Start of Block

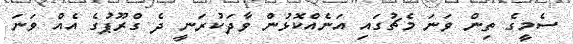
ސެމީގެ ތިން ވަނަ މެޗުގައި އަނެއްކޮޅުން ވާދަކުރަނީ ދެ ގްރޫޕުގެ އެއް ވަނަ
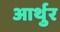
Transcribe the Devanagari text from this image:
आर्थुर
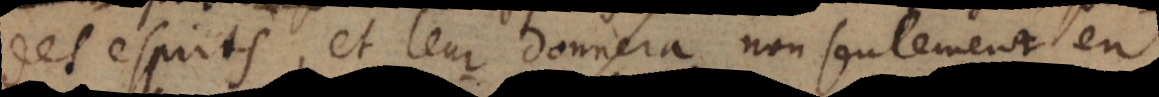
des esprits, et leur donnera non seulement en
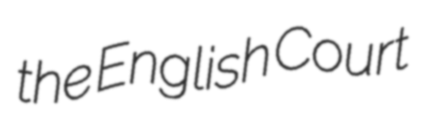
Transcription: the English Court
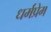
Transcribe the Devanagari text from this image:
धर्मप्रेम
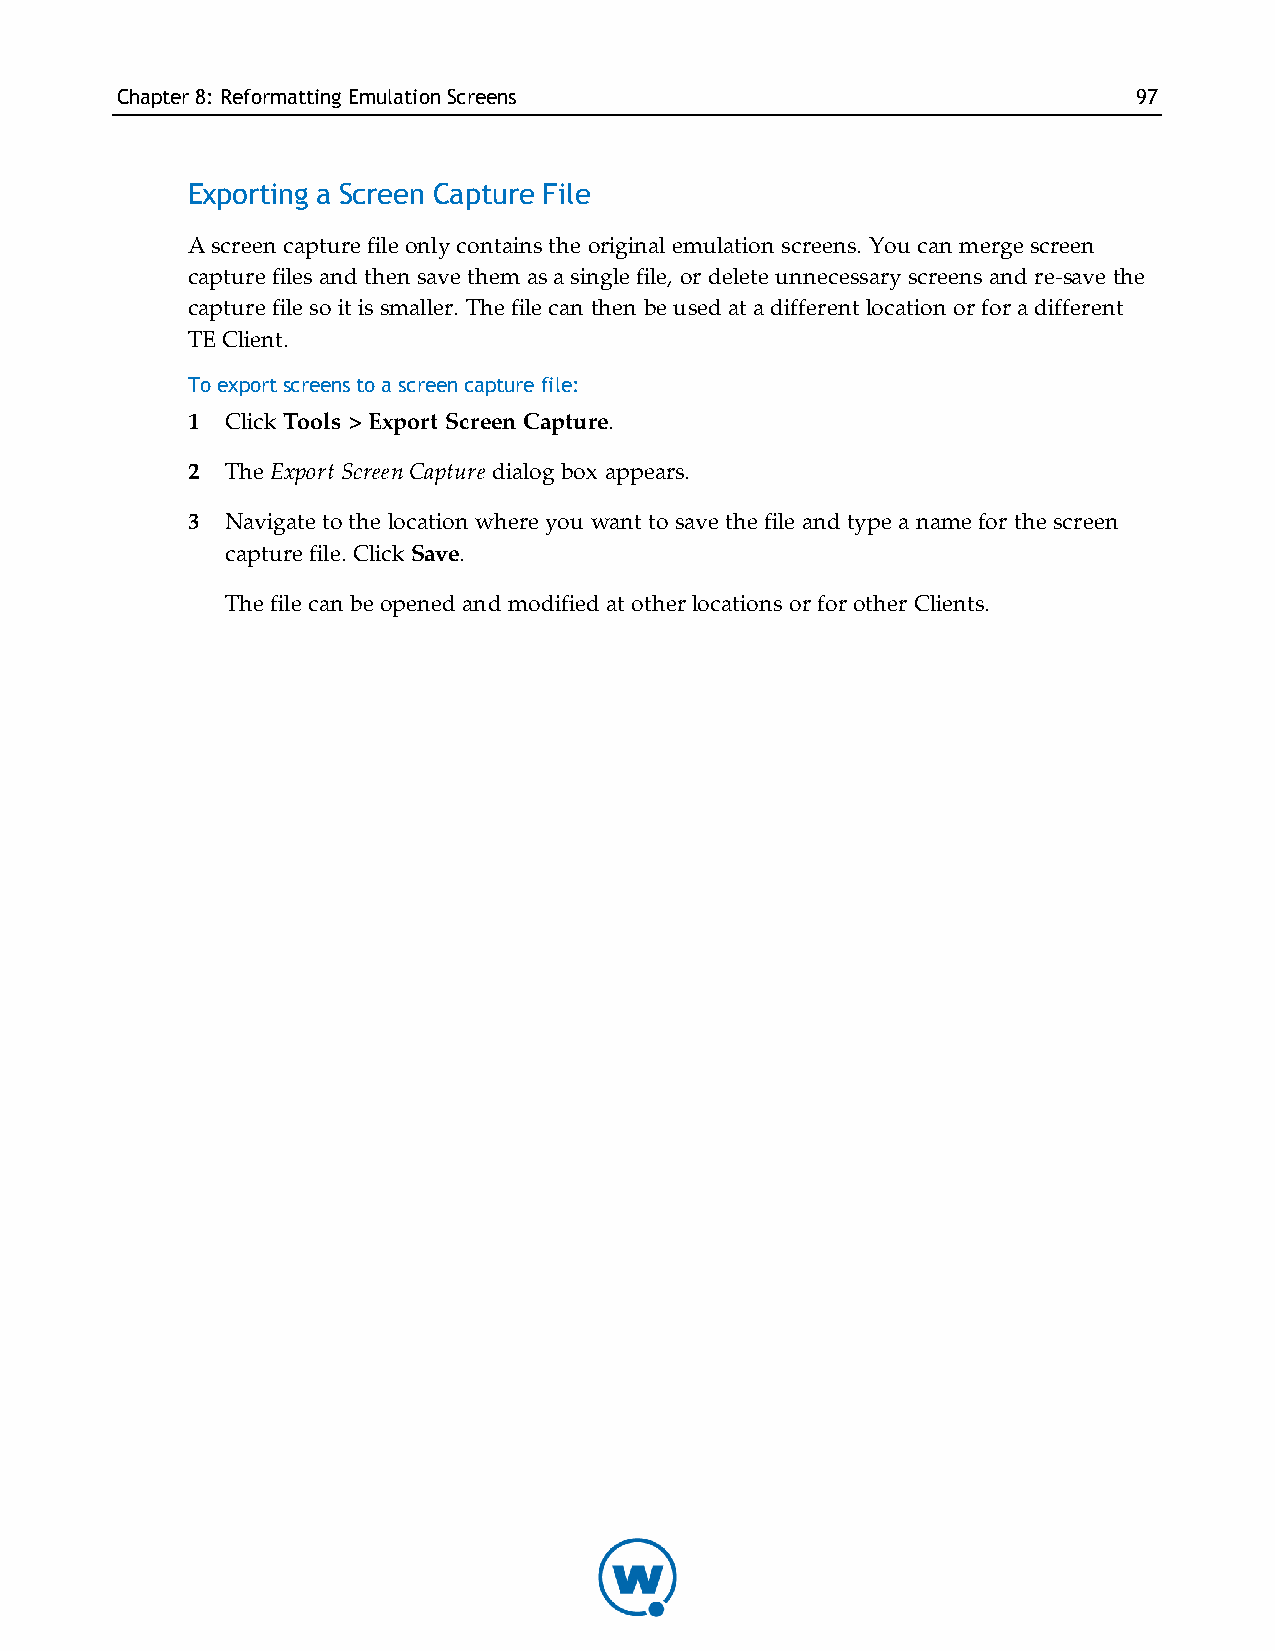
Chapter8: Reformatting EmulationScreens                            97
 Exporting a Screen Capture File
 A screen capture file only contains the original emulation screens. You can merge screen
 capture files and then save them as a single file, or delete unnecessary screens and re-save the
 capture file so it is smaller. The file can then be used at a different location or for a different
 TE Client.
 To export screens to a screen capture file:
 1  Click Tools > Export Screen Capture.
 2  The Export Screen Capture dialog box appears.
 3  Navigate to the location where you want to save the file and type a name for the screen
 capture file. Click Save.
 The file can be opened and modified at other locations or for other Clients.
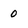
Character: 0
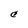
Character: C
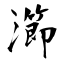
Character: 瀄
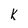
Character: k
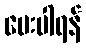
ပေးပါရန်
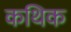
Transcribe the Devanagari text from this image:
कथिक
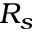
R _ { s }
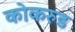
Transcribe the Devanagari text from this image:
कोकरुड
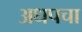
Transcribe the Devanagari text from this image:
अधपचा
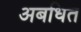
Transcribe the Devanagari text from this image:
अबधित
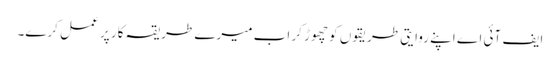
ایف آئی اے اپنے روایتی طریقوں کو چھوڑ کر اب میرے طریقہ کار پر عمل کرے۔
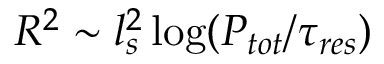
R ^ { 2 } \sim l _ { s } ^ { 2 } \log ( P _ { t o t } / \tau _ { r e s } )
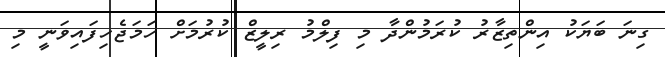
ގިނަ ބަޔަކު އިންތިޒާރު ކުރަމުންދާ މި ފިލްމު ރިލީޒް ކުރުމަށް ހަމަޖެހިފައިވަނީ މި
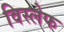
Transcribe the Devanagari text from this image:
विस्लेफ
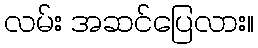
လမ်း အဆင်ပြေလား။
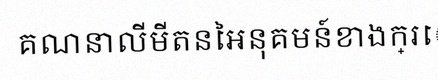
គណនាលីមីតនៃអនុគមន៍ខាងក្រោម
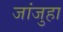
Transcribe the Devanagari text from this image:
जांजुहा
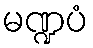
မဏ္ဍပံ
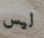
ليس
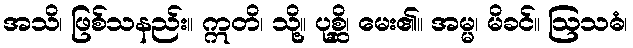
အသိ၊ ဖြစ်သနည်း။ ဣတိ၊ သို့။ ပုစ္ဆိ၊ မေး၏။ အမ္မ၊ မိခင်။ ဩသဓံ၊
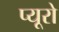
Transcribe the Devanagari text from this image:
प्यूरो
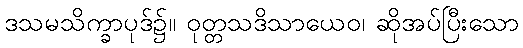
ဒသမသိက္ခာပုဒ်၌။ ဝုတ္တသဒိသာယေဝ၊ ဆိုအပ်ပြီးသော
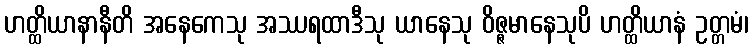
ဟတ္ထိယာနာနီတိ အနေကေသု အဿရထာဒီသု ယာနေသု ဝိဇ္ဇမာနေသုပိ ဟတ္ထိယာနံ ဥတ္တမံ၊
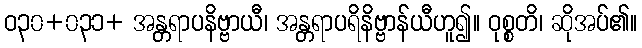
ဝ၃၀+၀၃၁+ အန္တရာပနိဗ္ဗာယီ၊ အန္တရာပရိနိဗ္ဗာန်ယီဟူ၍။ ဝုစ္စတိ၊ ဆိုအပ်၏။
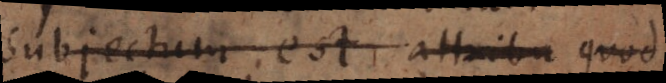
Subjectum est attribu cuju
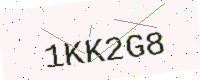
Text: 1KK2G8
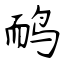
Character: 鸸
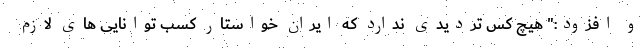
و افزود:" هیچ کس تردیدی ندارد که ایران خواستار کسب توانایی های لازم

End of Block

* Work item: Where the line containing "Character: 瀄" appears in the records above, begin copying and continue exactly through the last line, with nothing else; omit every picture.

* Solution to this problem:
Character: 瀄
Character: k
ပေးပါရန်
Transcribe the Devanagari text from this image:
कथिक
R _ { s }
Transcribe the Devanagari text from this image:
कोकरुड
Transcribe the Devanagari text from this image:
अधपचा
Transcribe the Devanagari text from this image:
अबधित
ایف آئی اے اپنے روایتی طریقوں کو چھوڑ کر اب میرے طریقہ کار پر عمل کرے۔
R ^ { 2 } \sim l _ { s } ^ { 2 } \log ( P _ { t o t } / \tau _ { r e s } )
ގިނަ ބަޔަކު އިންތިޒާރު ކުރަމުންދާ މި ފިލްމު ރިލީޒް ކުރުމަށް ހަމަޖެހިފައިވަނީ މި
Transcribe the Devanagari text from this image:
विस्लेफ
လမ်း အဆင်ပြေလား။
គណនាលីមីតនៃអនុគមន៍ខាងក្រោម
Transcribe the Devanagari text from this image:
जांजुहा
မဏ္ဍပံ
ليس
အသိ၊ ဖြစ်သနည်း။ ဣတိ၊ သို့။ ပုစ္ဆိ၊ မေး၏။ အမ္မ၊ မိခင်။ ဩသဓံ၊
Transcribe the Devanagari text from this image:
प्यूरो
ဒသမသိက္ခာပုဒ်၌။ ဝုတ္တသဒိသာယေဝ၊ ဆိုအပ်ပြီးသော
ဟတ္ထိယာနာနီတိ အနေကေသု အဿရထာဒီသု ယာနေသု ဝိဇ္ဇမာနေသုပိ ဟတ္ထိယာနံ ဥတ္တမံ၊
ဝ၃၀+၀၃၁+ အန္တရာပနိဗ္ဗာယီ၊ အန္တရာပရိနိဗ္ဗာန်ယီဟူ၍။ ဝုစ္စတိ၊ ဆိုအပ်၏။
Subjectum est attribu cuju
Text: 1KK2G8
Character: 鸸
و افزود:" هیچ کس تردیدی ندارد که ایران خواستار کسب توانایی های لازم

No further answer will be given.